** Opening Available data block **

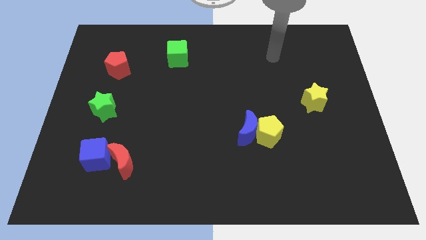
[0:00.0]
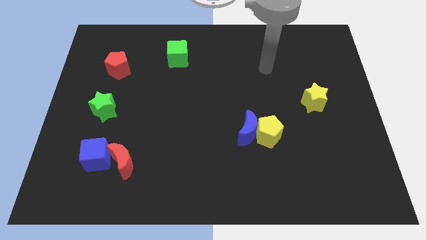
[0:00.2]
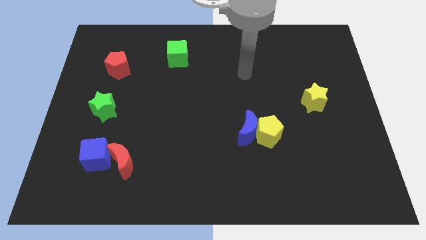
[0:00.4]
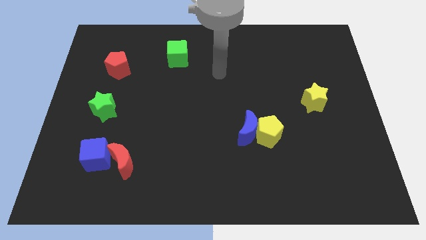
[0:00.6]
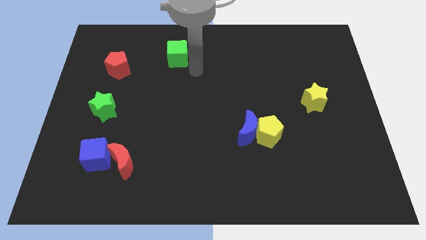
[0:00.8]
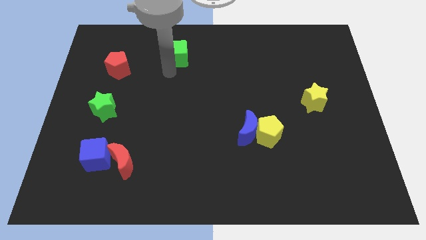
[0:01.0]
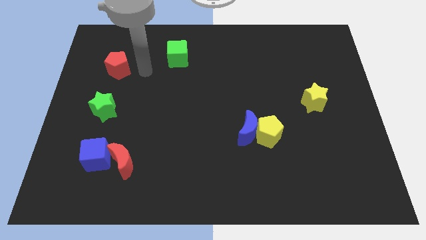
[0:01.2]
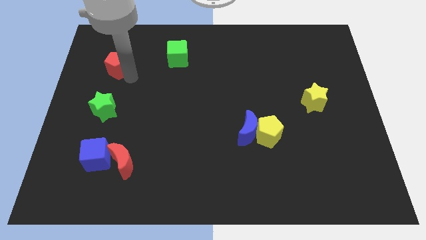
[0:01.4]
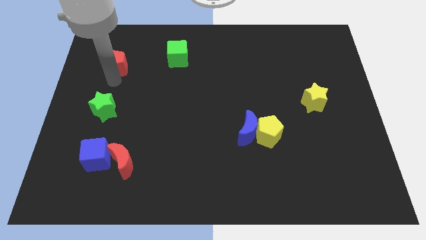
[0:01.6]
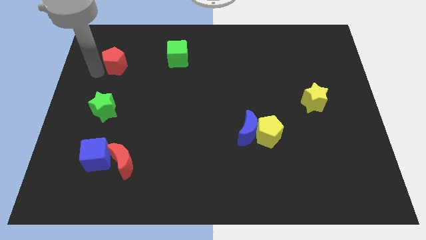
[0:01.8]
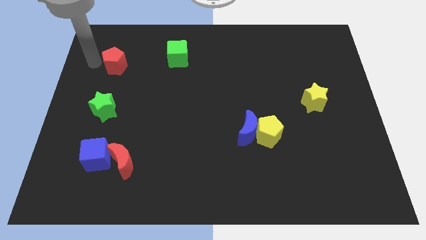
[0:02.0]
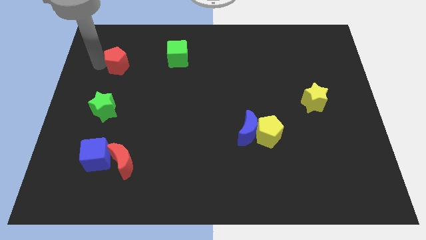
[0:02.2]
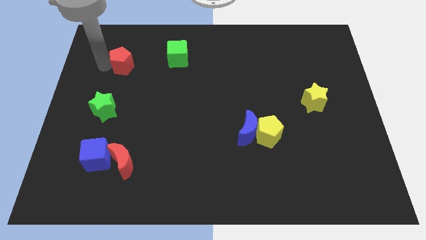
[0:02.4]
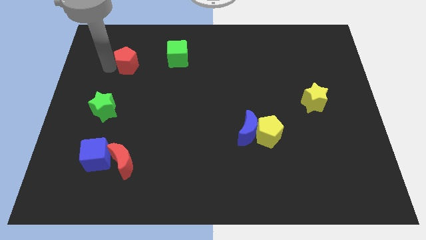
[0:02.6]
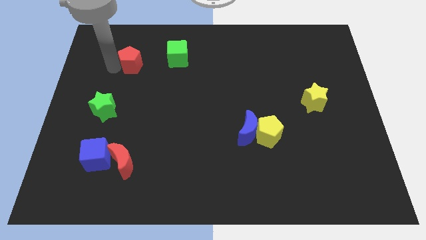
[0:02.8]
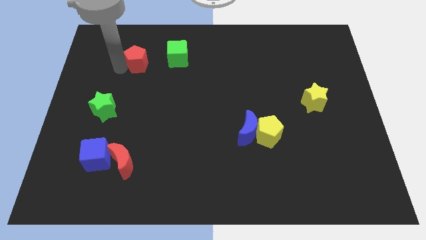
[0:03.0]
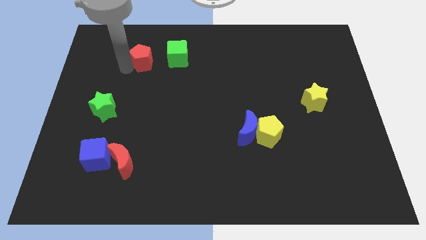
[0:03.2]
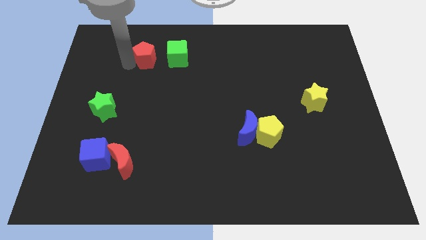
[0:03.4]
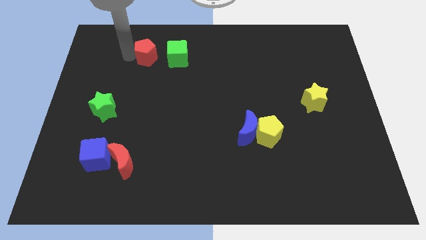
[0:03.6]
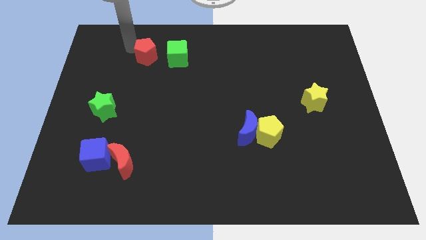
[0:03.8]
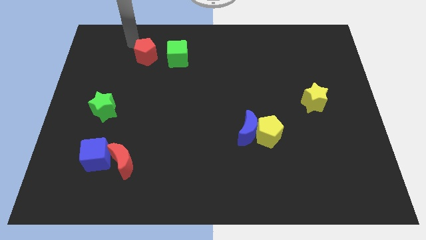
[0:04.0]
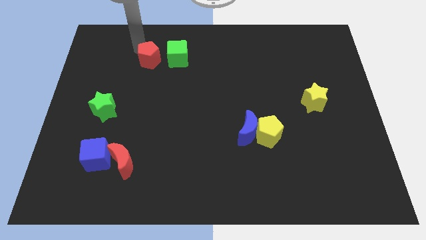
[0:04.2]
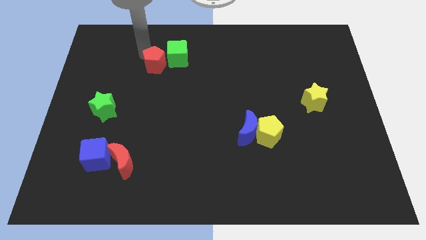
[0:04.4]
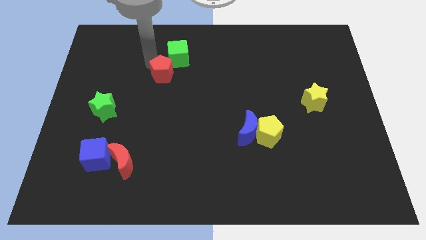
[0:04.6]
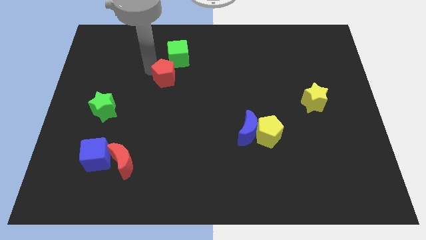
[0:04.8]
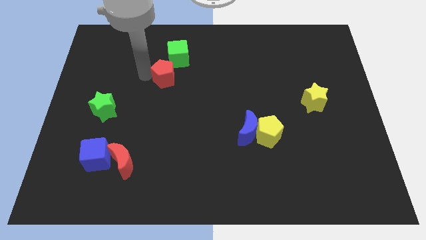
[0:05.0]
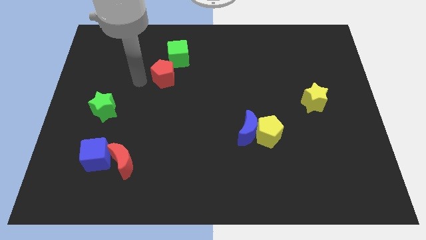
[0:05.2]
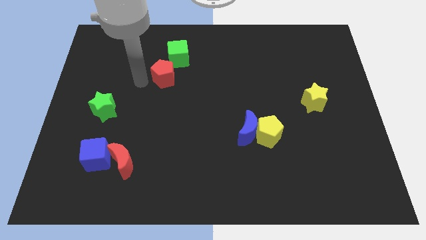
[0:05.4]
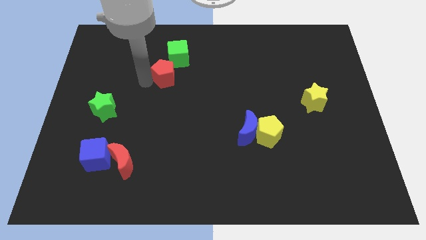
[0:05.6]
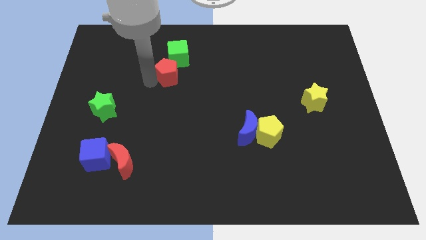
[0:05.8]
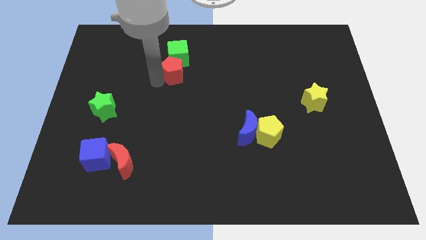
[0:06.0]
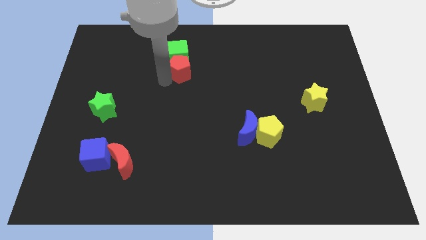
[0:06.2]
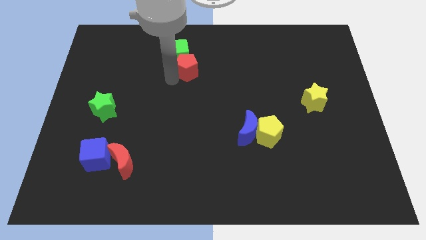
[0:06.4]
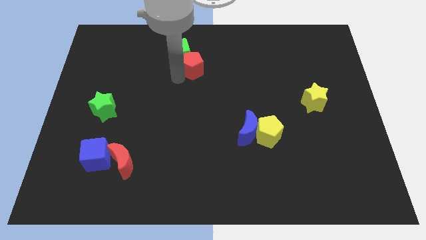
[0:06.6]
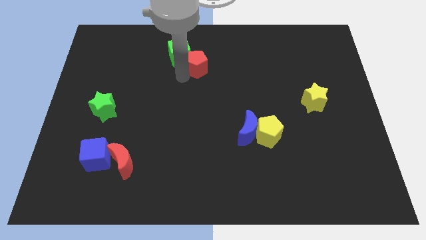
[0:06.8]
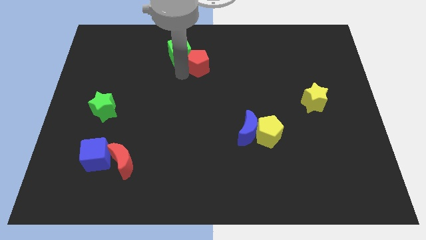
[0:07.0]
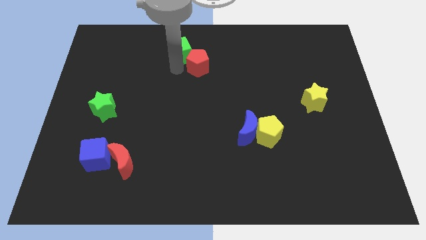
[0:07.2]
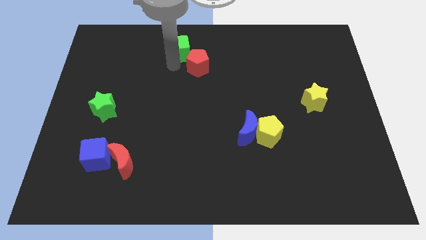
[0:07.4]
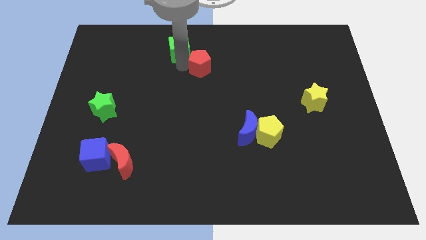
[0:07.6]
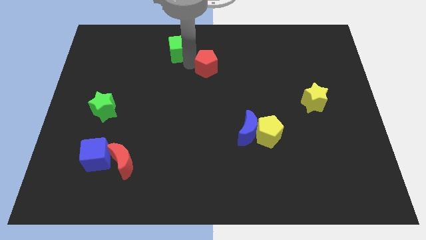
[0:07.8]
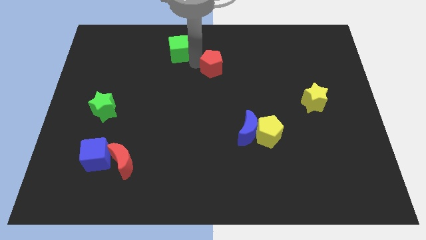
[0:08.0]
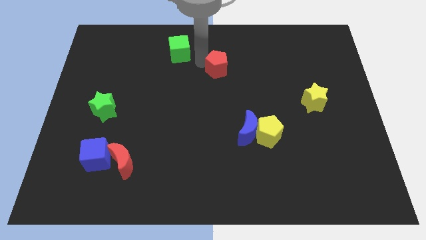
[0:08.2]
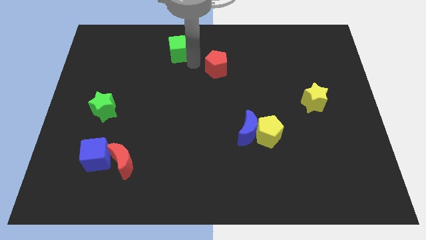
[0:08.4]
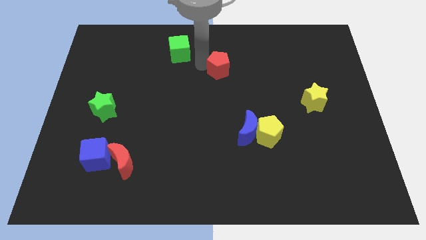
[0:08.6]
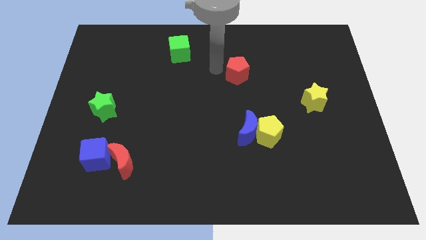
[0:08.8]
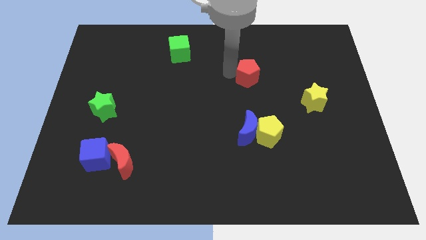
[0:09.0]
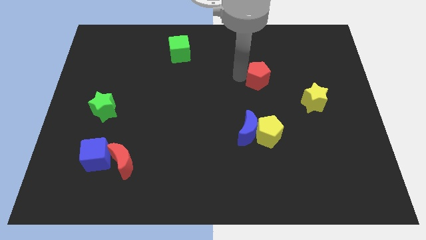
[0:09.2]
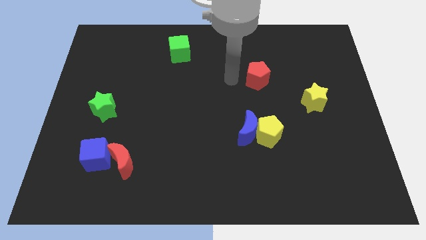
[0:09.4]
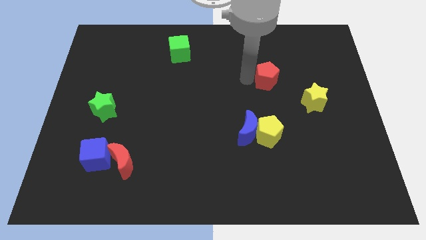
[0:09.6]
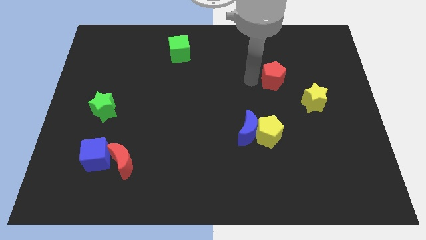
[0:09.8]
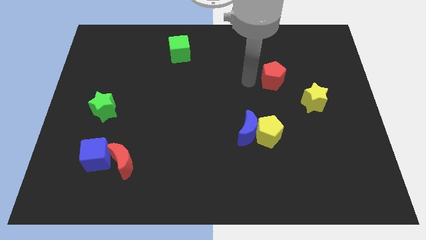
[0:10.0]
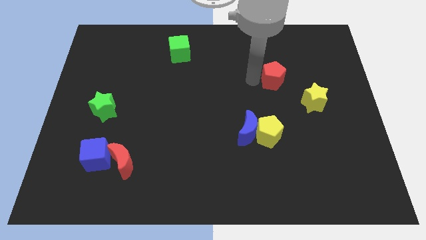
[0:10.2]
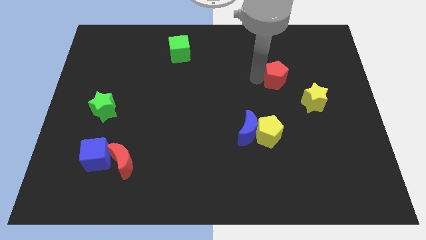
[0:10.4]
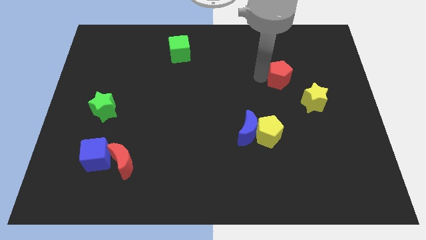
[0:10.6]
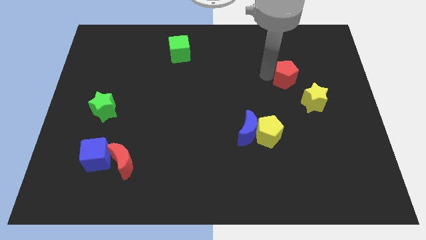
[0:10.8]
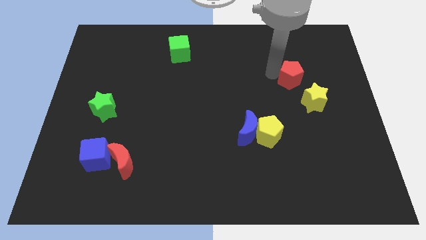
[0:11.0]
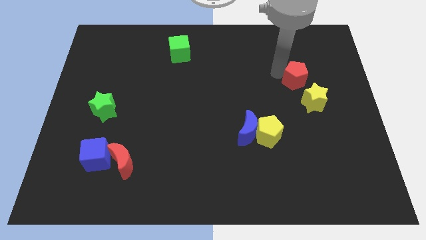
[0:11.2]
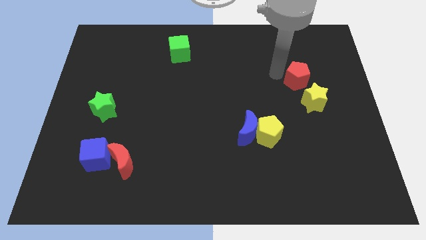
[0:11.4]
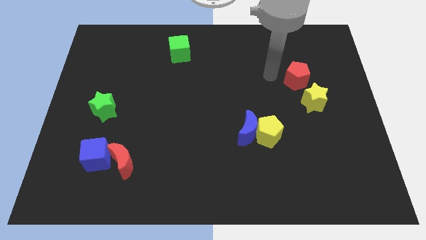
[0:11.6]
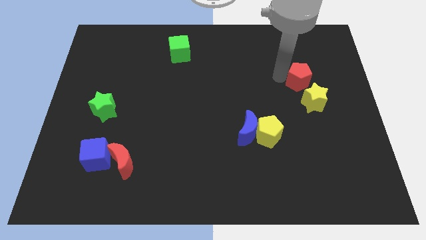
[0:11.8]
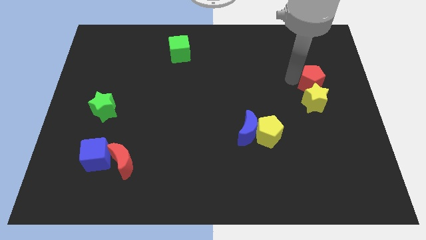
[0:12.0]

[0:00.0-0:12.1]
push the red pentagon to the top right side of the yellow star

** Closing Available data block **

▶ About this exercise
Pictures do not belong in the copy. Reproduce the rest of the data exactly.

▶ Expected answer
[0:00.0]
[0:00.2]
[0:00.4]
[0:00.6]
[0:00.8]
[0:01.0]
[0:01.2]
[0:01.4]
[0:01.6]
[0:01.8]
[0:02.0]
[0:02.2]
[0:02.4]
[0:02.6]
[0:02.8]
[0:03.0]
[0:03.2]
[0:03.4]
[0:03.6]
[0:03.8]
[0:04.0]
[0:04.2]
[0:04.4]
[0:04.6]
[0:04.8]
[0:05.0]
[0:05.2]
[0:05.4]
[0:05.6]
[0:05.8]
[0:06.0]
[0:06.2]
[0:06.4]
[0:06.6]
[0:06.8]
[0:07.0]
[0:07.2]
[0:07.4]
[0:07.6]
[0:07.8]
[0:08.0]
[0:08.2]
[0:08.4]
[0:08.6]
[0:08.8]
[0:09.0]
[0:09.2]
[0:09.4]
[0:09.6]
[0:09.8]
[0:10.0]
[0:10.2]
[0:10.4]
[0:10.6]
[0:10.8]
[0:11.0]
[0:11.2]
[0:11.4]
[0:11.6]
[0:11.8]
[0:12.0]

[0:00.0-0:12.1]
push the red pentagon to the top right side of the yellow star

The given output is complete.